Over the last decade, many scholars have opted for constructivism and associated approaches to examine empirical puzzles of South Asia. This is a marked change from the previous works that generally relied on the concepts of BoP and the security dilemma to explain regional politics and inter-state relations. With new literature, there is greater cognizance of the complexities in South Asia's inter-state relations and intra-state affairs. At the same time, there is a greater acknowledgement that endogenous and ideational factors augment one's understanding of regional politics. The following section provides an overview of Constructivism-guided studies over the last decade and their contributions to explaining South Asian IR. The larger section is sub-divided into smaller sections, based on the fundamental tenets of constructivism: Identity, norms, and ideas. These sub-sections demonstrate how scholars and analysts have used each concept to explain contemporary South Asian IR comprehensively.
In the last ten years, the concept of identity has gained considerable attention from the community of IR scholars and foreign policy analysts. That noted, a great deal of the emerging literature concentrates on security issues. This is an expected trend considering most constructivism-centric studies on South Asian IR begin by challenging existing Realist accounts on regional security issues and offering better explanations. 26 Another aspect of constructivism-driven studies is the lopsided attention toward India and Pakistan with limited attention on other states in the region. This practice persists despite some recent works that break the tradition and analyze the policies of Bhutan, Maldives, and Sri Lanka. Nevertheless, by studying ideational determinants of state behavior, contemporary works have provided new insights on previously analyzed issues and explored new areas of inquiry.

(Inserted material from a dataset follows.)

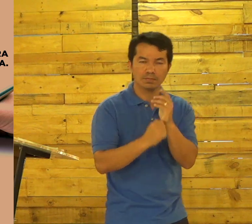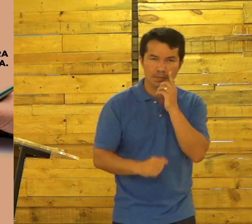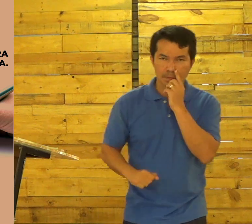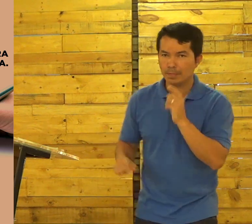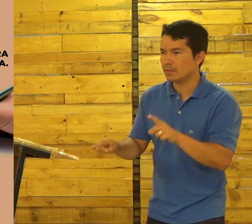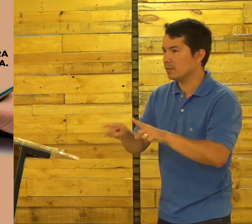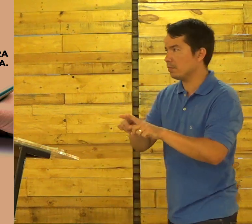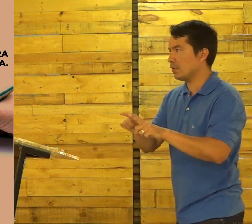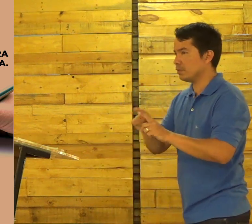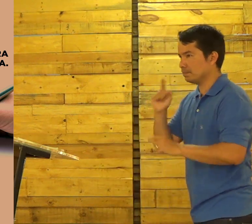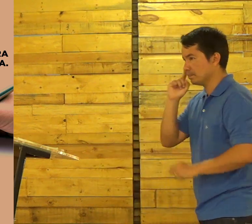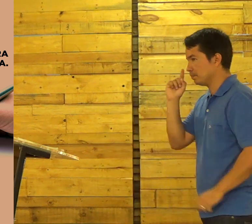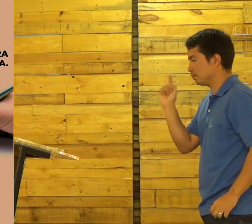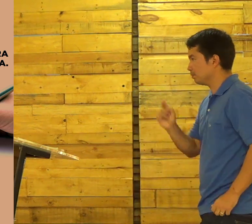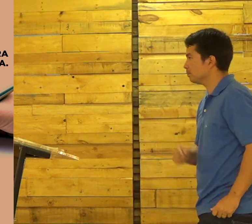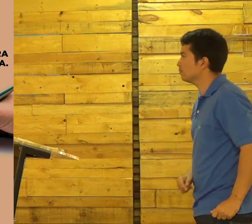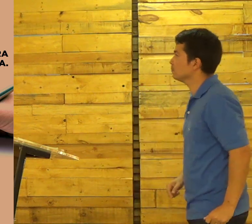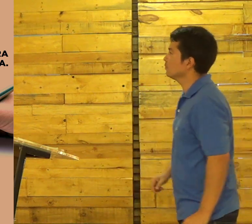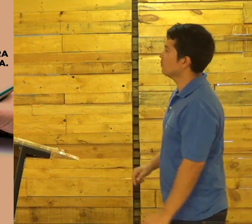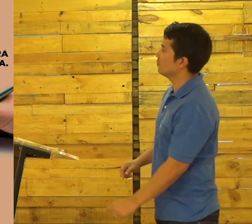Também veja lá
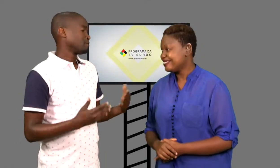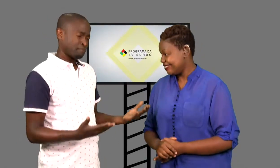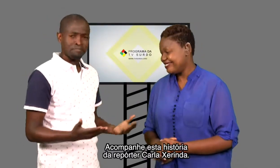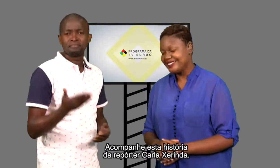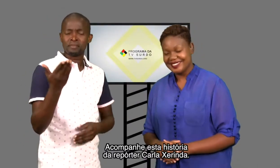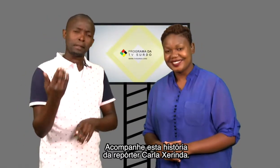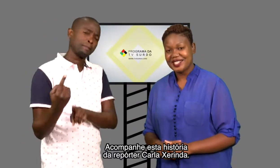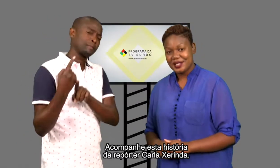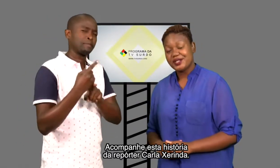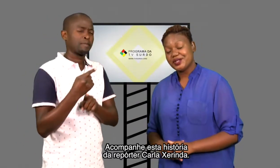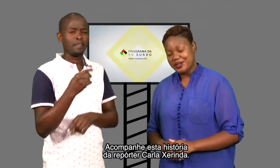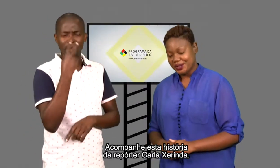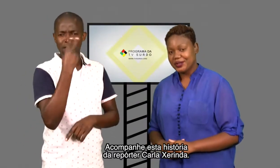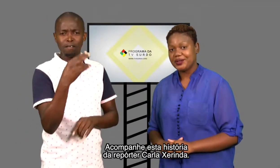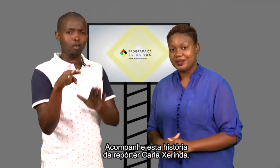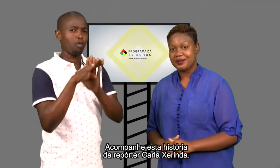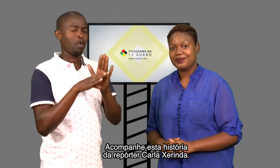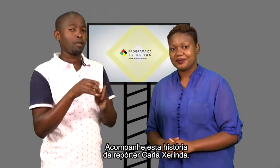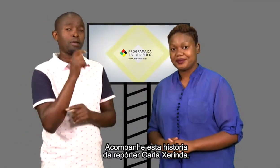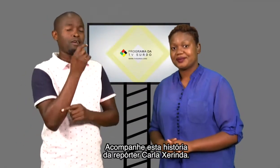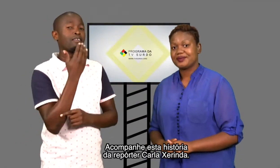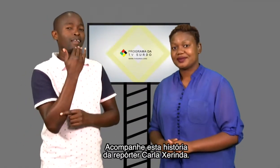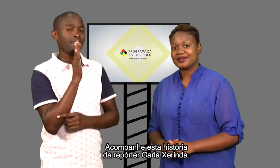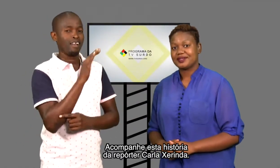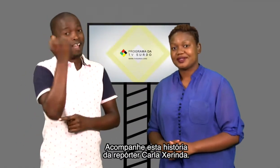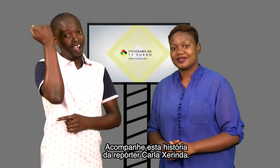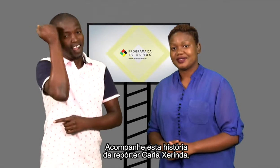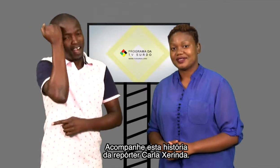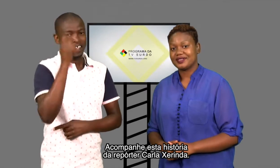Acompanhe esta história da repórter Carla Xerinda.

As stated, the lens of constructivism is widely employed in the area of Indian foreign policy. Many scholars have used the concept of identity to explain the dichotomies in New Delhi's external policy and regional interactions. Chacko's work on India's national identity deserves mention as it heavily draws from Constructivism as a theory and methodology. 27 In her book on Indian foreign policy, Chacko argues that realist or liberal accounts tend to confine India to either a Realist power, an Idealist power, or a mix of the two. 28 Apart from broad-level analysis, there is little thought on the changes in Indian policy despite no substantial changes in official rhetoric. She argues that India's post-colonial identity, including “civilizational exceptionalism,” infuses an element of morality in Indian foreign policy. 29 At the same time, its experiential reality of invasions and conquest has shaped India's foreign relations. 30
In her more recent research, Chacko uses the framework of Constructivism to address a prominent empirical puzzle that has received inadequate theoretical attention. She identifies the reason for a change in India's strategic posture toward Pakistan from 2008 to 2016. India has practiced strategic restraint toward Pakistan after the 2008 terrorist attacks in Mumbai but chose to conduct surgical strikes in disputed Kashmiri territory under Pakistan's control in the 2016 Uri attack. In the mid-2000s, as Chacko argues, India's choices were shaped by a “transformational” identity that adopted an economic growth-centric outlook. New Delhi's attention centered on economic growth, thus favoring a policy of restraint (focusing on back-channel talks and people-to-people ties). India's identity steadily turned more “aspirational” in the following years.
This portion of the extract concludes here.